55:05 How to get out of this vicious circle? Right, sir? Questioner: Yes. KRISHNAMURT

I: When we say, “I see that I mustn’t condemn,” what do we mean by that word ‘seeing’?
55:34 How do you see that you mustn’t condemn? Please follow this a little slowly. I’ll go into it. What do we mean by seeing? What do we mean by saying, “ I understand that I mustn’t condemn”? I’m looking, examining that word ‘seeing’. Now, what do we mean by that? How do we see a thing? Do we see a thing, the fact, through words?
56:18 Please go with me a little bit. When I say, “I see condemnation is absurd,” do I see, understand, that condemnation is absurd because of the word that I mustn’t condemn?
56:40 You understand?

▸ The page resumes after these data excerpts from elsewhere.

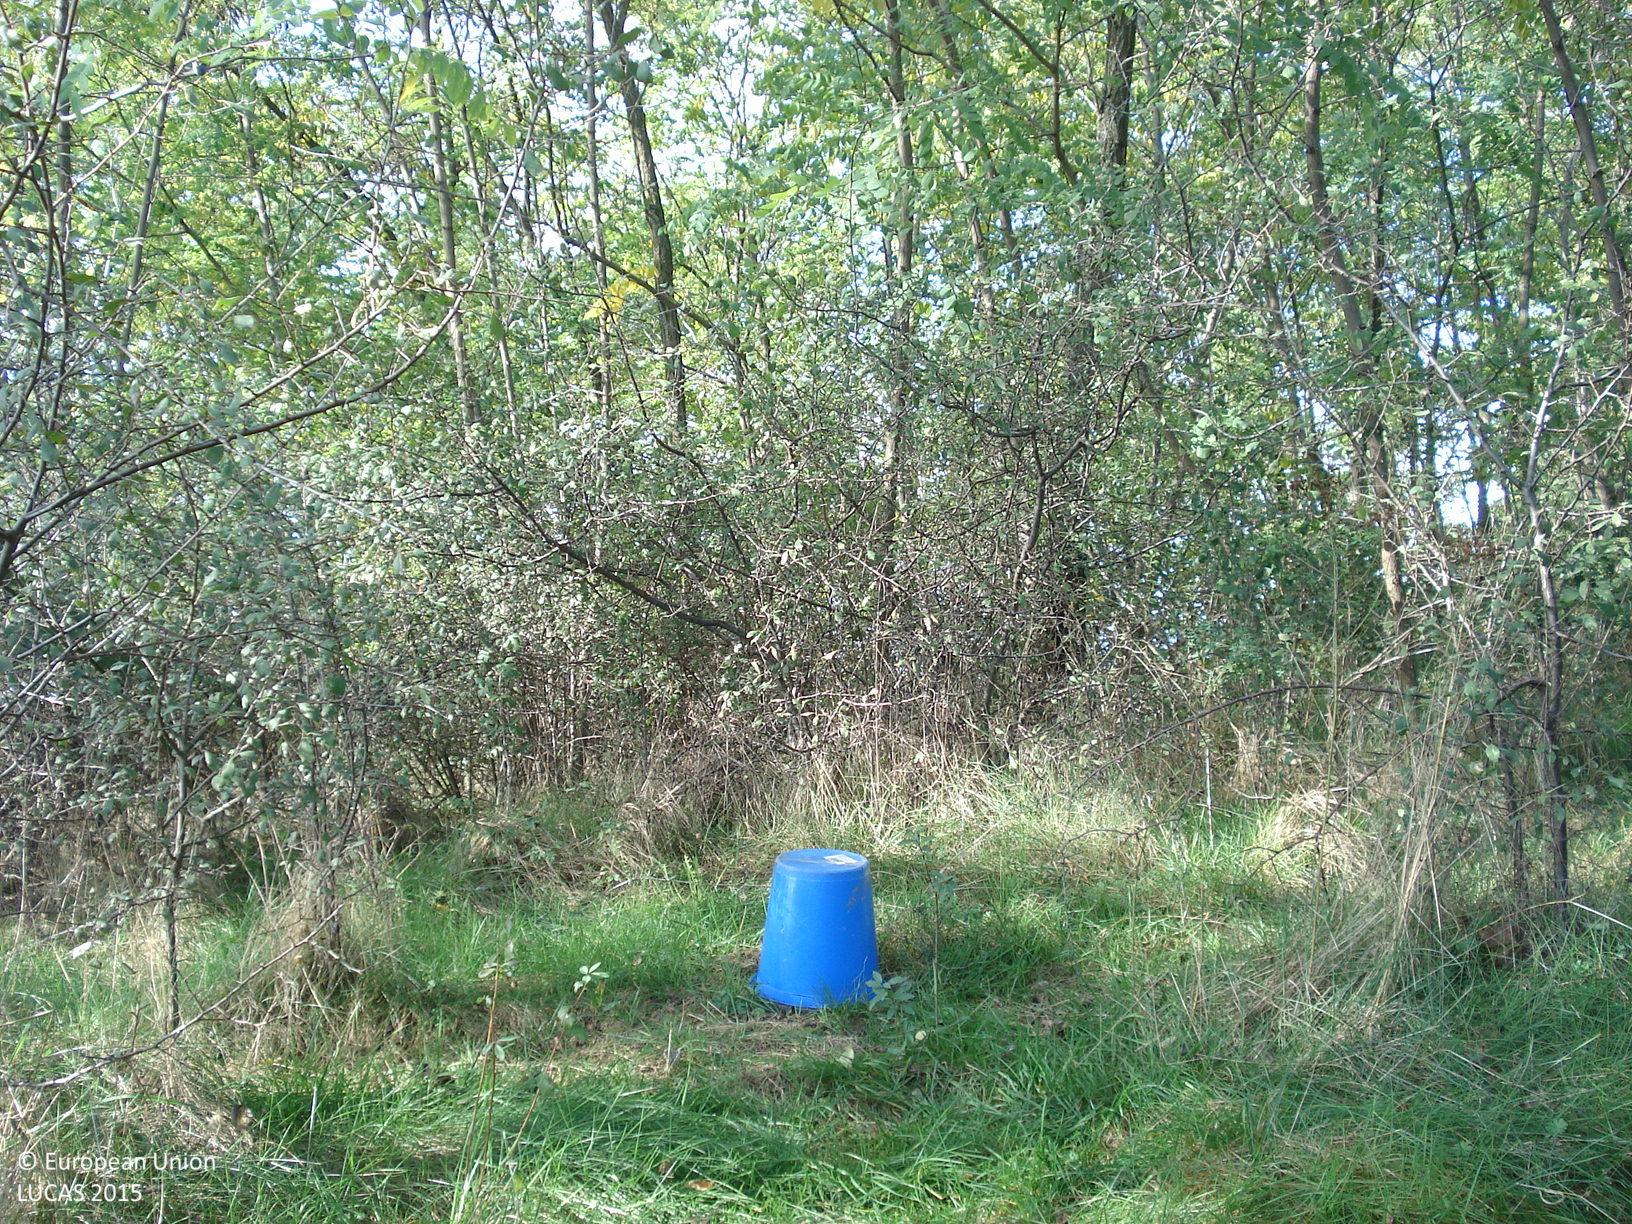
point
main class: Woodland
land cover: Broadleaved woodland
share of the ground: 50 - 75 %
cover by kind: broadleaved forest trees 60 %, herbaceous plants 25 %, shrubs 15 %
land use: Agriculture (excluding fallow land and kitchen gardens)
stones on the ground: < 10 %
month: October
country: BG
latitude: 42.9220
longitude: 26.0755
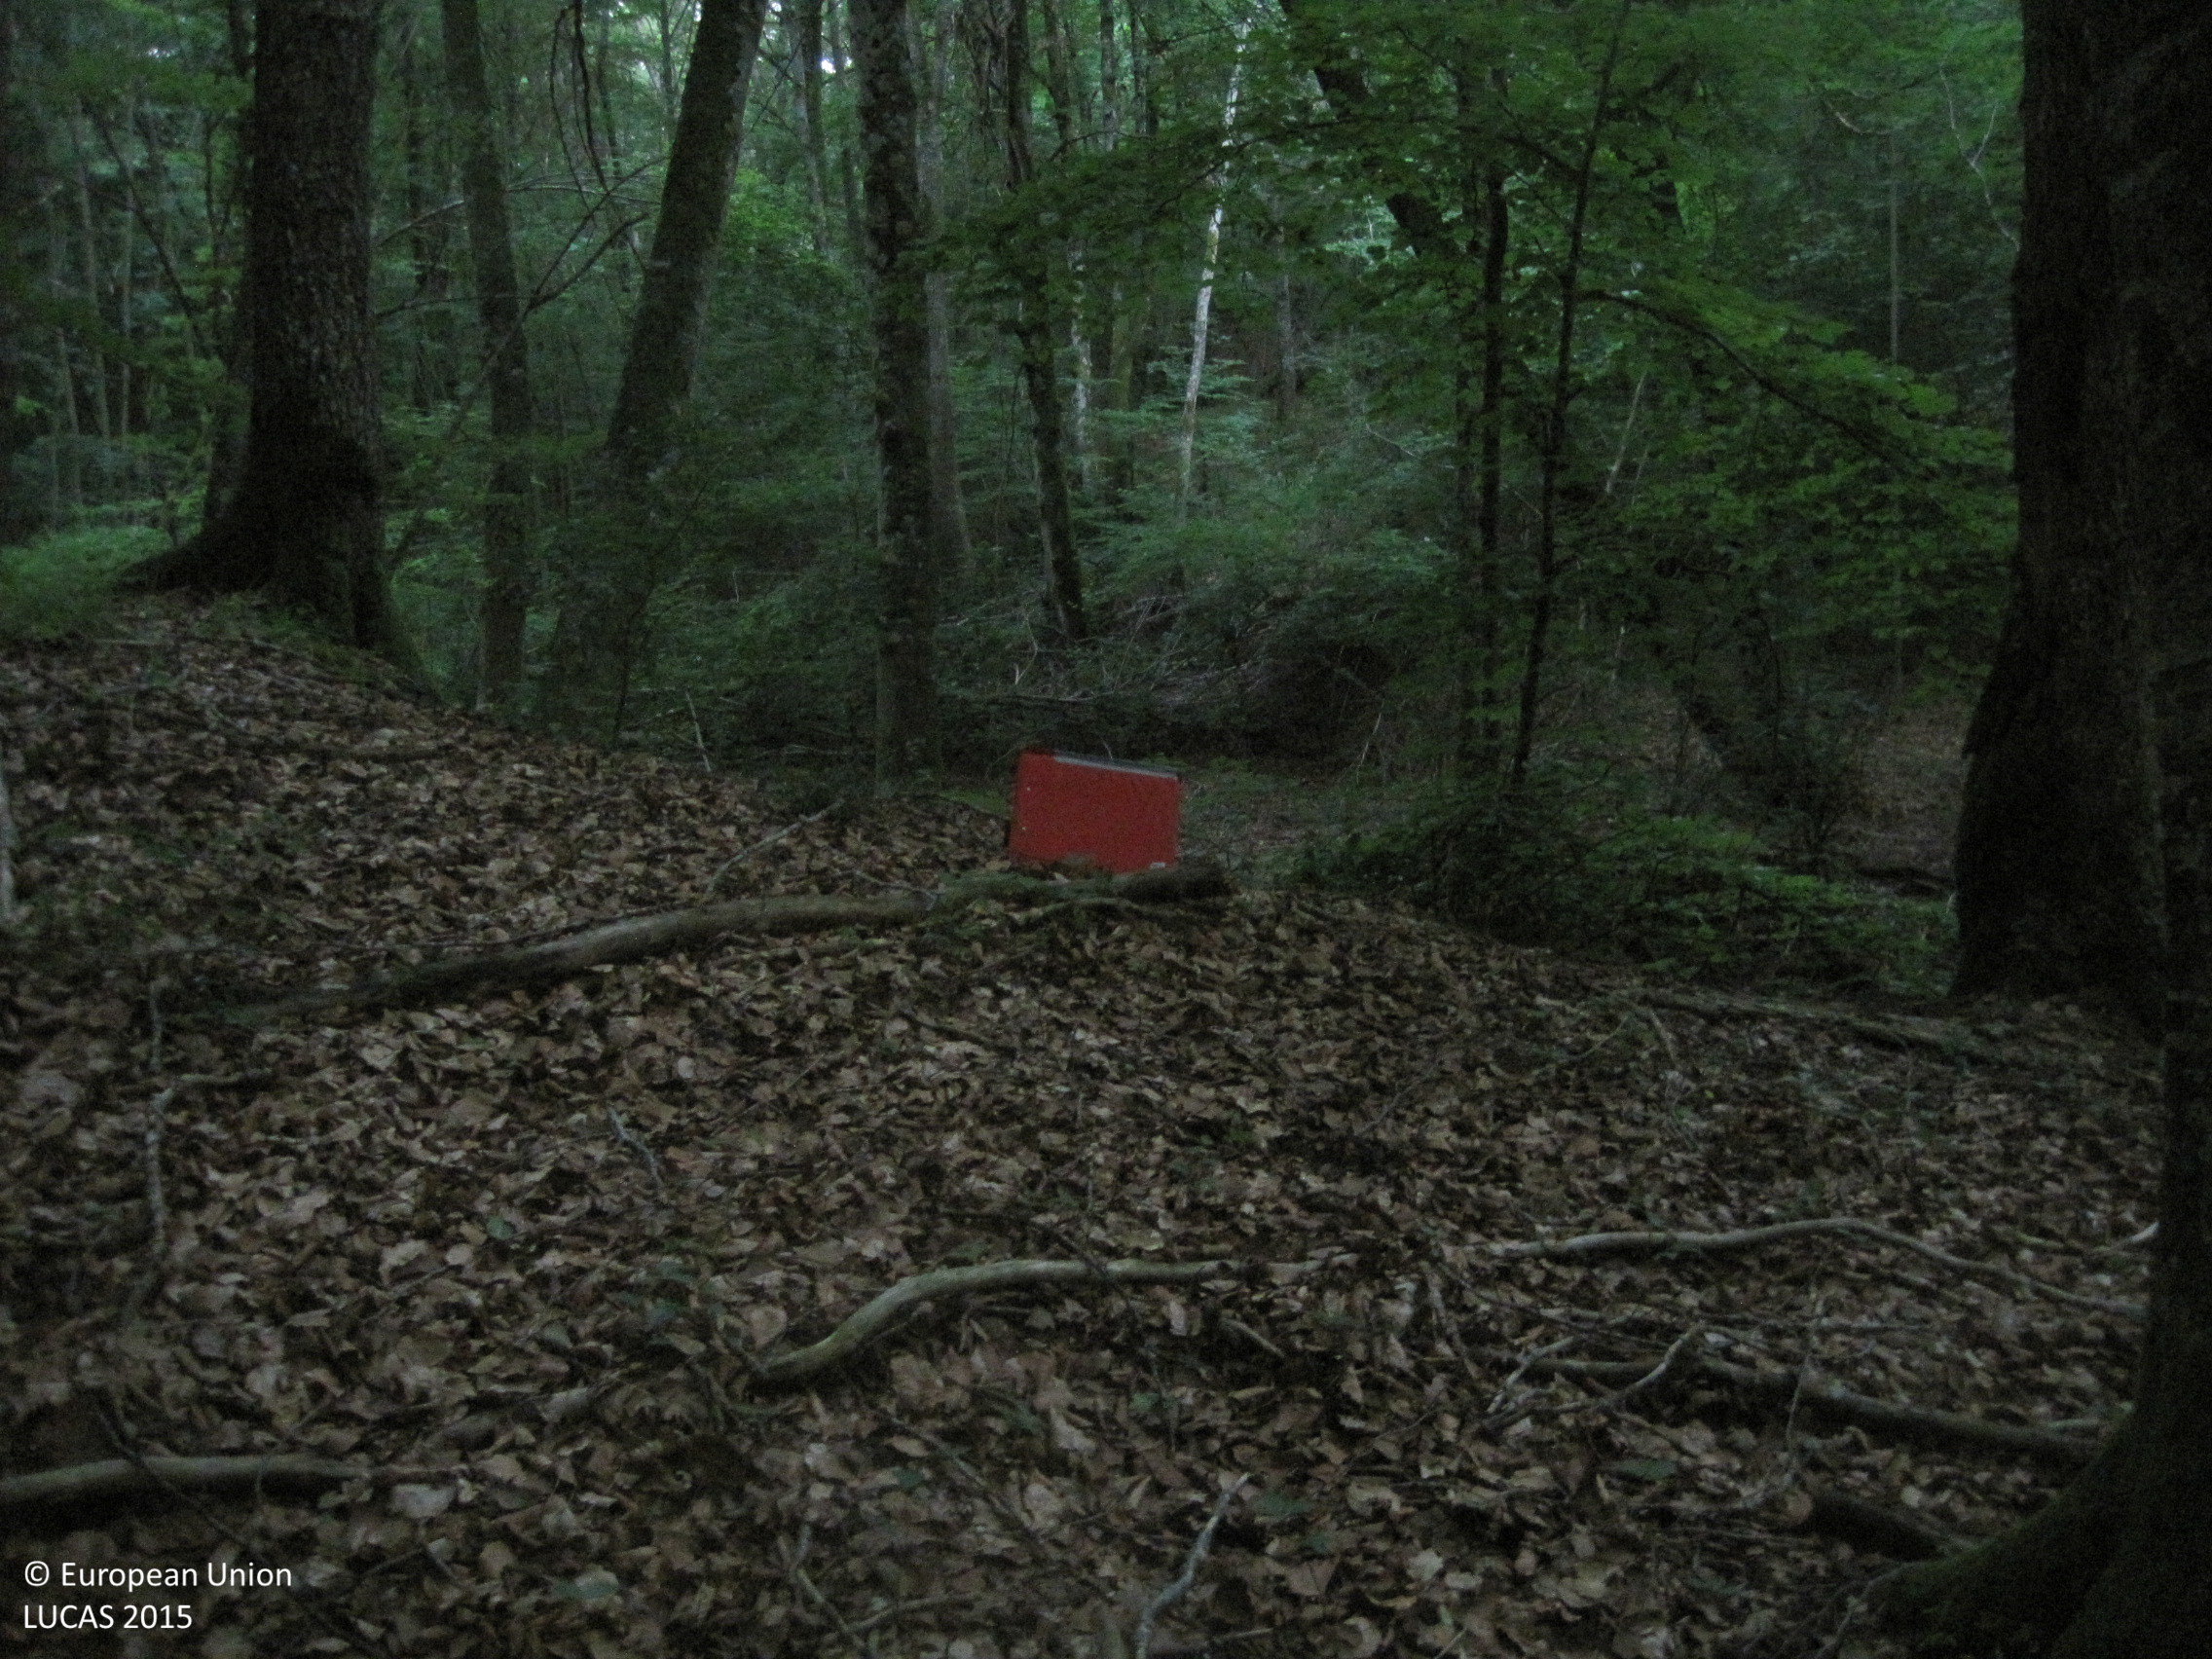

The phrase I mustn’t condemn—I see that, but I don’t see the fact, the true fact that condemnation doesn’t lead anywhere.
56:53 I don’t know if I’m making myself clear. Isn’t it? You know, the word is not the thing, right?
57:05 The door is not the word: that is so, isn’t it?
57:12 The word door is not the door; the word is not the thing.
57:20 Now, if we confuse the thing with the word, then we don’t see it.
57:28 But if the word is not the thing, then we look at the thing and not get confused with the word.
57:47 If I see the whole implication of Catholicism, Hinduism, Communism, see the thing, not the word, then I’ve understood it.
57:58 I’ve finished with it. But if I cling to the word and not see the thing, then the word is an impediment to seeing.
58:11 Right? So, to see, the mind must be free of the word but see the fact.
58:24 Right? See the fact that condemnation of any kind inwardly prevents the mind seeing the fact.
58:41 If I condemn ambition, I don’t see the whole anatomy, the structure, of ambition.
58:51 But if I want to, if the mind wants to, understand ambition, there must be the cessation of condemnation, which is not acceptance of ambition.
59:03 I want . . . There is the perception, the seeing of the fact, and therefore no resistance against the fact, no denying of the fact, but seeing the fact.
59:26 Then the seeing the fact has its own action. The mind hasn’t to do anything about the fact. If I see the fact of the whole structure of ambition, the fact itself reveals to the mind the absurdity, the callousness, the brutality, the infinite destructive, brutal existence of ambition, and it drops away—I don’t have to do a thing about it.
1:00:07 If I see that authority of any kind inwardly, the full significance of it, study it, watch it, go into it, never denying, never accepting, then it drops away.
1:00:31 Have I made myself clear? All right, sir. It’s twelve o’clock and I’m afraid we’ll have to stop, and I hope some of us will be able to meet here next year.
1:01:04 In the meantime a pleasant journey.